• [Exercise directions] Only the lines from the beginning of the entries through the one with "[0:12.5-0:24.5]" should be written out, please, exactly and without any pictures.
§ §
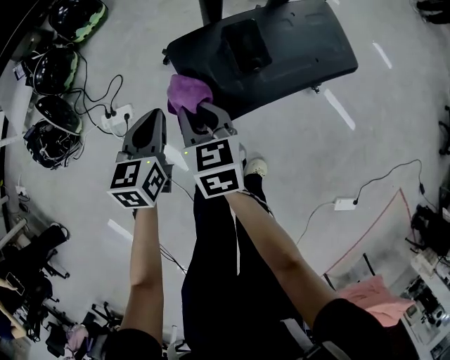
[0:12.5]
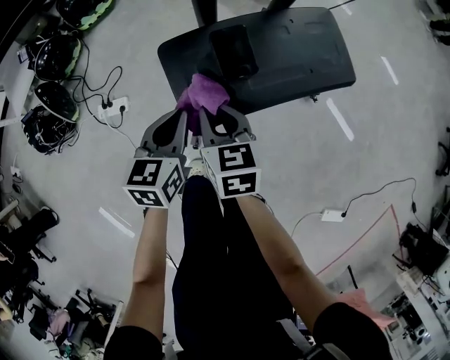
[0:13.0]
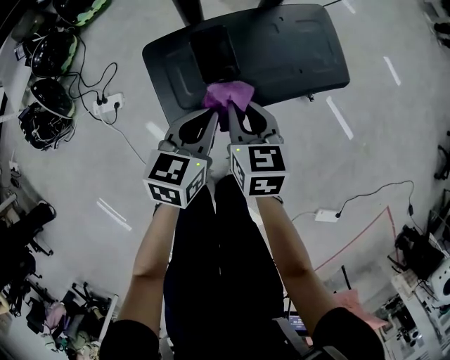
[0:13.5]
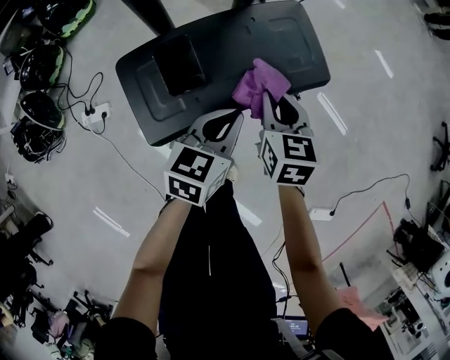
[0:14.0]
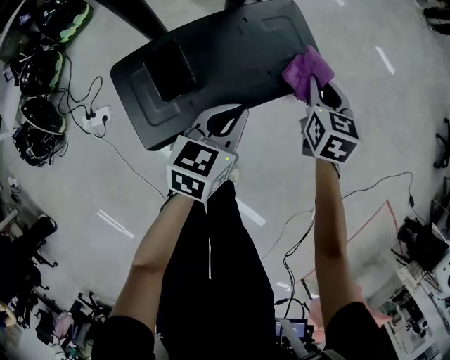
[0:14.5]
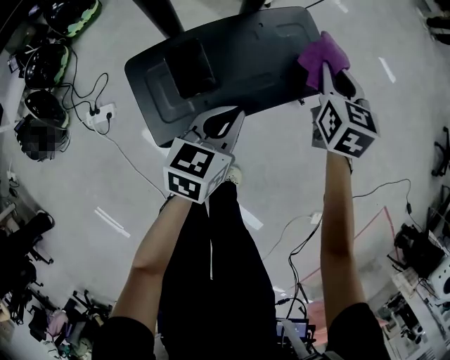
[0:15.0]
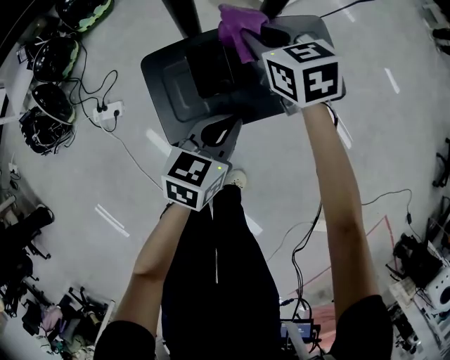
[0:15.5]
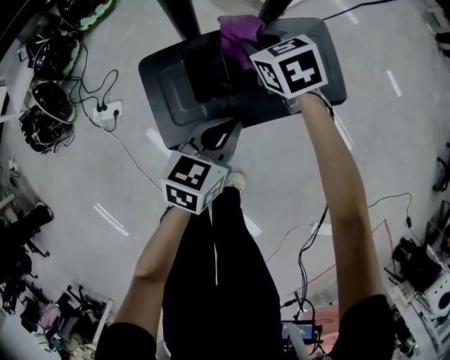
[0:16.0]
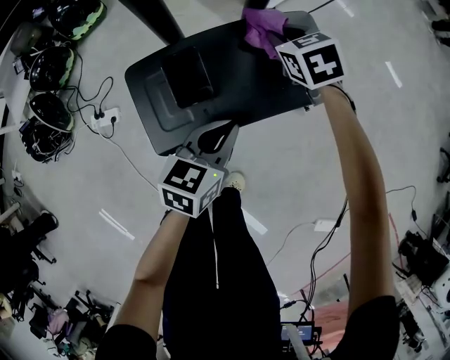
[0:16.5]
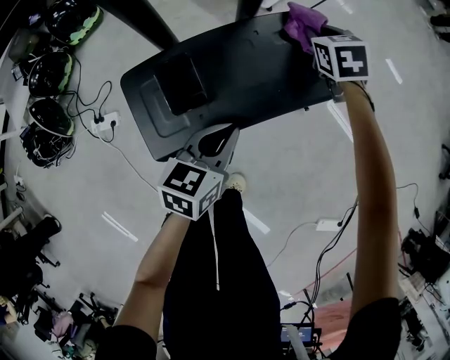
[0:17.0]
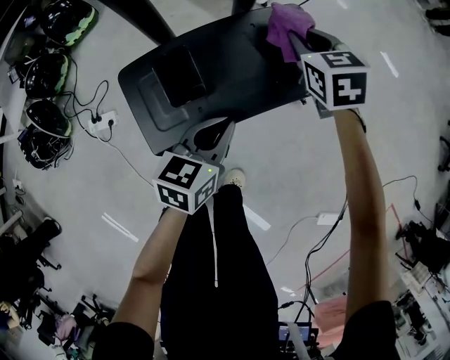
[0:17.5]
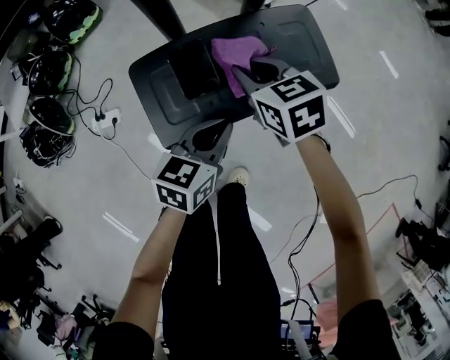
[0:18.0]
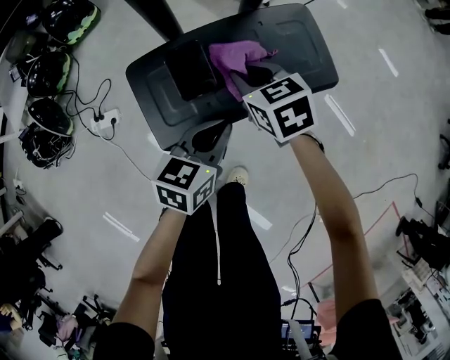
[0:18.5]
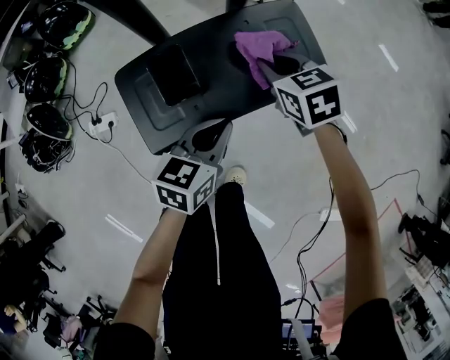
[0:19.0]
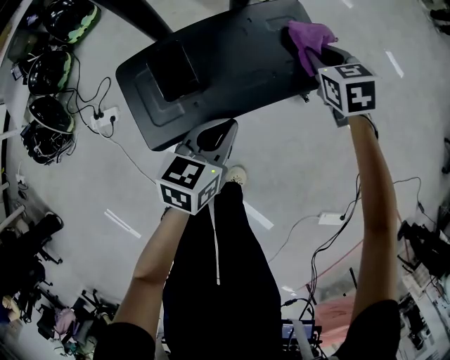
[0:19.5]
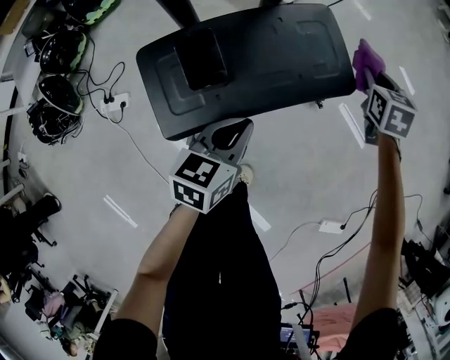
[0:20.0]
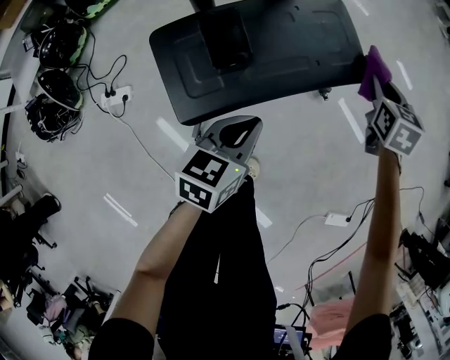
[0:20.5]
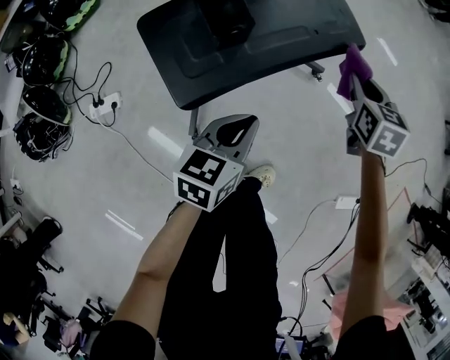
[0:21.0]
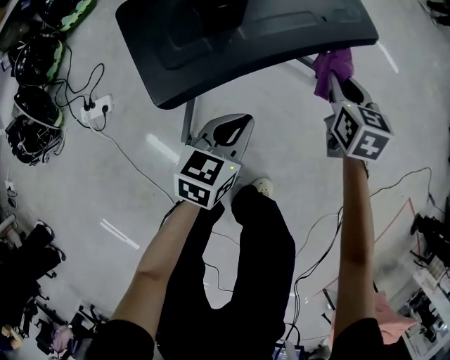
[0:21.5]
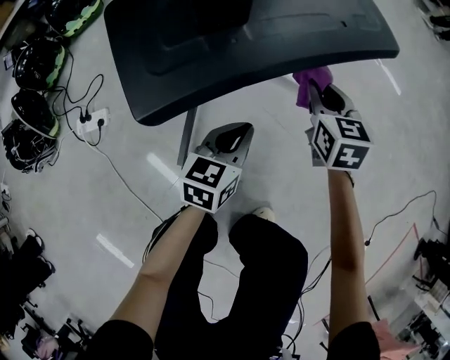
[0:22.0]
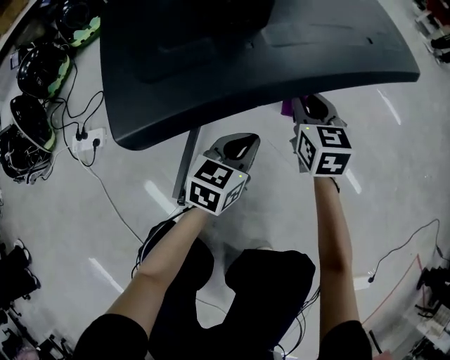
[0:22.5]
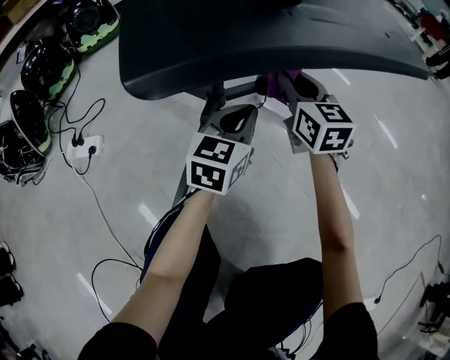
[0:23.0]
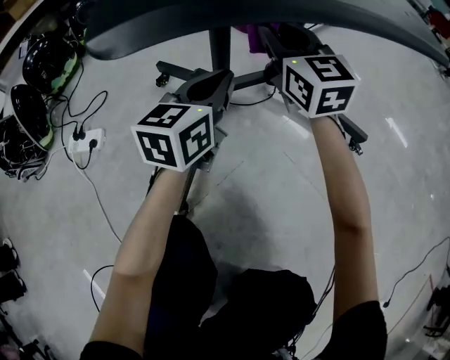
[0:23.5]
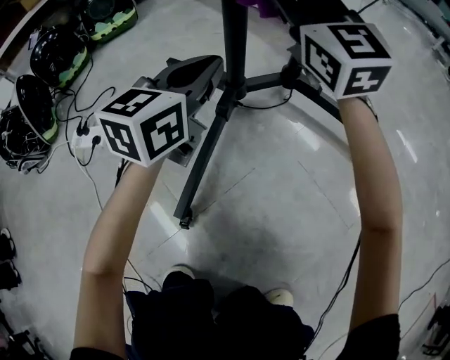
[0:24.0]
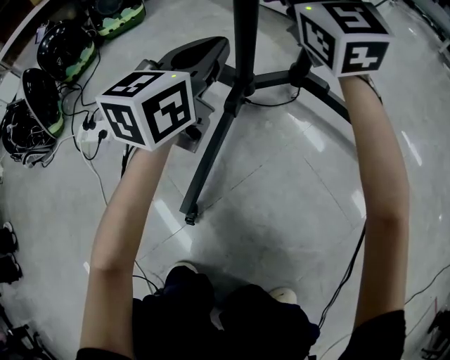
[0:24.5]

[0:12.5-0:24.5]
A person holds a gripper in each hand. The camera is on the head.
0:12.5 to 0:14.5: The right gripper moves about 50 cm, and swivels approximately 30 degrees. The left gripper shifts by roughly 35 cm, and rotates approximately 20 degrees.
0:14.5 to 0:16.5: The right gripper moves some 20 cm, and swivels about 40 degrees.
0:16.5 to 0:18.5: The right gripper shifts about 15 cm backward and to the left.
0:18.5 to 0:20.5: The right gripper moves about 25 cm, and rotates some 40 degrees.
0:20.5 to 0:22.5: The left gripper is displaced downward by some 30 cm; the right gripper is displaced downward and to the left by approximately 35 cm, and turns by roughly 20 degrees.
0:22.5 to 0:24.5: The left gripper shifts approximately 20 cm to the left and forward, and swivels approximately 20 degrees; the right gripper heads to the left, upward and forward, covering about 25 cm, and angles its fingers upward, by about 30 degrees.
§ §
• [Finished task]
[0:12.5]
[0:13.0]
[0:13.5]
[0:14.0]
[0:14.5]
[0:15.0]
[0:15.5]
[0:16.0]
[0:16.5]
[0:17.0]
[0:17.5]
[0:18.0]
[0:18.5]
[0:19.0]
[0:19.5]
[0:20.0]
[0:20.5]
[0:21.0]
[0:21.5]
[0:22.0]
[0:22.5]
[0:23.0]
[0:23.5]
[0:24.0]
[0:24.5]

[0:12.5-0:24.5]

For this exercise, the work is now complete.